» **EXERCISE**
What you produce should match the records below precisely, except that images are removed.

Records from a dataset
"""

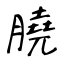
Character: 膮
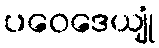
ပဝေဒေယျုံ
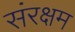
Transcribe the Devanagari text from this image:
संरक्षम
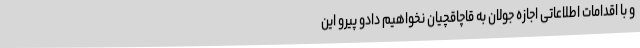
و با اقدامات اطلاعاتی اجازه جولان به قاچاقچیان نخواهیم دادو پیرو این
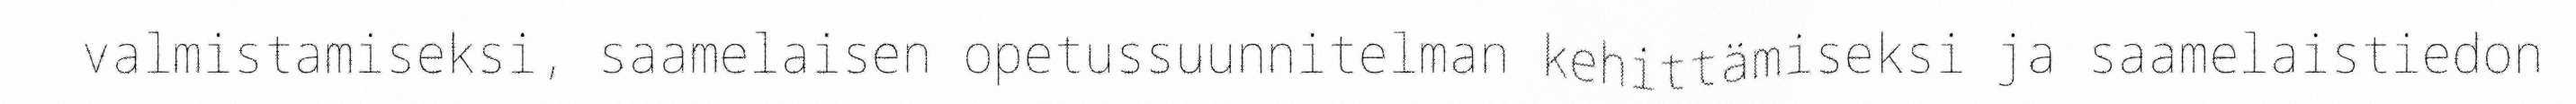
valmistamiseksi, saamelaisen opetussuunnitelman kehittämiseksi ja saamelaistiedon
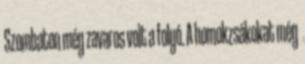
Szombaton még zavaros volt a folyó. A homokzsákokat még
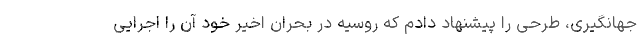
جهانگیری، طرحی را پیشنهاد دادم که روسیه در بحران اخیر خود آن را اجرایی
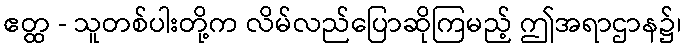
ဧတ္ထ - သူတစ်ပါးတို့က လိမ်လည်ပြောဆိုကြမည့် ဤအရာဌာန၌၊
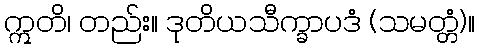
ဣတိ၊ တည်း။ ဒုတိယသီက္ခာပဒံ (သမတ္တံ)။
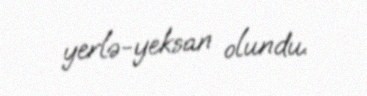
yerlə-yeksan olundu.
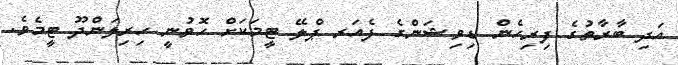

"""

» **WORKED SOLUTION**
Character: 膮
ပဝေဒေယျုံ
Transcribe the Devanagari text from this image:
संरक्षम
و با اقدامات اطلاعاتی اجازه جولان به قاچاقچیان نخواهیم دادو پیرو این
valmistamiseksi, saamelaisen opetussuunnitelman kehittämiseksi ja saamelaistiedon
Szombaton még zavaros volt a folyó. A homokzsákokat még
جهانگیری، طرحی را پیشنهاد دادم که روسیه در بحران اخیر خود آن را اجرایی
ဧတ္ထ - သူတစ်ပါးတို့က လိမ်လည်ပြောဆိုကြမည့် ဤအရာဌာန၌၊
ဣတိ၊ တည်း။ ဒုတိယသီက္ခာပဒံ (သမတ္တံ)။
yerlə-yeksan olundu.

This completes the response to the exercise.